Duas forças radicais
Sebastián Edwards , economista chileno e professor titular da cátedra Henry Ford II da Universidade da Califórnia e antigo assessor do antigo governador da Califórnia Arnold Schwarzenegger, alerta para o radicalismo eleitoral. "São as eleições mais polarizadas desde a reinstauração da democracia, em 1990. Tudo indica que a segunda volta será disputada por duas forças radicais", diz entrevista ao jornal espanhol "El Pais".
"O que mais confunde a situação é que isso acontece num contexto de enorme violência que já dura dois anos. Se a isso acrescentarmos que dentro de oito meses haverá uma nova proposta de Constituição, teremos um cocktail bastante explosivo", estima Edwards.
Risco de voltar às origens
O professor da Universidade da Califórnia é bastante pessimista quanto ao futuro do Chile. "Já foi ultrapassado pelo Panamá. É um país em declínio há cerca de dez anos. Não me surpreenderia se numa geração o Chile voltasse às origens, no meio da classificação, entre Costa Rica e Equador. São dois países adoráveis, mas não são económica ou socialmente bem-sucedidos", analisa.
Carlos Peña, advogado chileno e reitor da Universidade Diego Portales, em Santiago, é da opinião que a sociedade chilena não estará tão polarizada assim. "As sondagens de opinião parecem indicar que a elite está polarizada, mas não cidadania", explica, também em em entrevista ao "El País".
Até há dois anos, o Chile era o país mais próspero e com melhores expectativas na região, com uma economia pujante e elevada estabilidade institucional. De então para cá, mergulhou num clima de violência e agitação social que explicam o tom da campanha, disputada por sete candidatos : os favoritos José Antonio Kast e Gabriel Boric, a democrata-cristã Yasna Provoste e Sebastián Sichel, do partido Sebastián Piñera, também bem posicionados para uma segunda volta. Num cenário sem sondagens sólidas, e cuja divulgação está proibida por lei nos 15 dias antes das eleições, a dúvida fica até à contagem do último voto.
O socialista Marco Enríquez Ominami, o radical de esquerda Eduardo Artés e o populista Franco Parisi, que fez campanha virtual nos Estados Unidos, sem pisar o Chile, onde não pode entrar devido a uma questão legal, estão também na corrida.
Desde que foi estabelecido o voto voluntário, há nove anos, a participação dos chilenos nos atos eleitorais tem sido baixa.
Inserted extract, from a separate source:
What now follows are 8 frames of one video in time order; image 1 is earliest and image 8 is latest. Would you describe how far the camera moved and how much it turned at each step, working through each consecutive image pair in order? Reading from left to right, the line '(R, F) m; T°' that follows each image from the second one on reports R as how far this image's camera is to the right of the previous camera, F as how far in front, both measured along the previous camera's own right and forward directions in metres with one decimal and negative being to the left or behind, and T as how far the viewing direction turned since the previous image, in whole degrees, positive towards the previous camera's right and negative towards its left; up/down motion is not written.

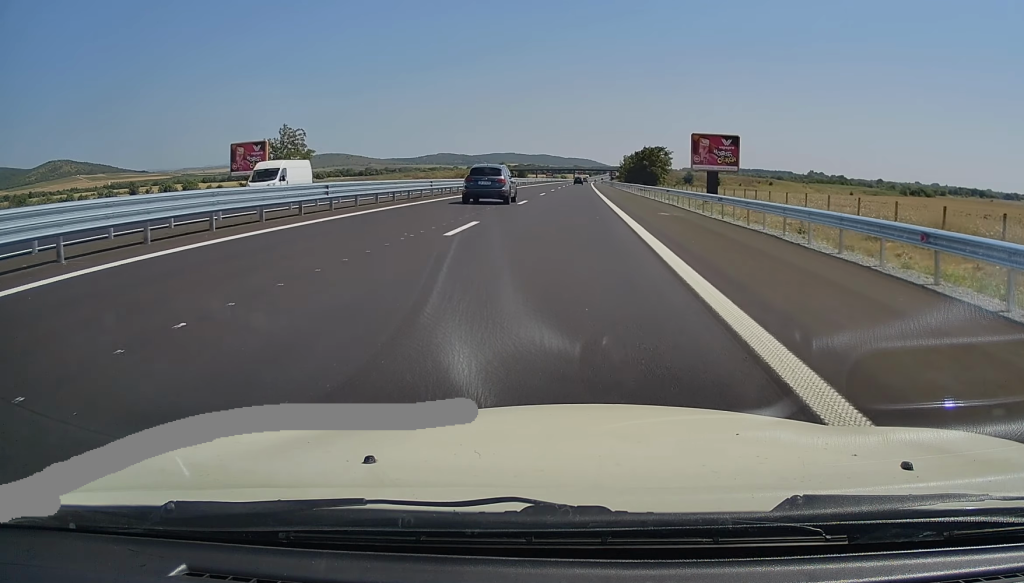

Analistas estimam, por isso, que o mais provável que haja um segundo turno, já agendado ora dia 19 de dezembro. Amanhã, também serão escolhidos 155 deputados, 27 dos 43 senadores e vereadores regionais.
Cronologia
Outubro de 2019 - Protestos na capital do Chile, Santiago, contra aumento nas tarifas nos transportes. Confrontos entre Polícia e manifestantes descontentes com desigualdade social. É decretado o estado de emergência. Morrem 30 pessoas. Dia 25, cerca de 1,2 milhão de chilenos saem às ruas em Santiago.
Nov. 2019 - Deputados concordaram com exigência da Oposição para referendo sobre a revisão da Constituição do era Pinochet no Chile. Nações Unidas denunciam várias violações de direitos por parte da Polícia.
Jan./Fev.2020 - Novos confrontos no final de janeiro fazem quatro mortos. A violência irrompe novamente a 23 de fevereiro em Vina del Mar, perto de Valparaíso, e depois, no início de março, em várias cidades.
Março 2020 - Chile declara um "desastre nacional", devido à pandemia. Protestos são interrompidos e o referendo à revisão da constituição é adiado para outubro.
Outubro de 2020 - Dia 25, 79% dos chilenos votam a favor da revisão constitucional
Novembro de 2021 - Deputados chilenos aprovam o processo de destituição do presidente, Sebastian Piñera, devido a supostas irregularidades reveladas pelos "Pandora Papers".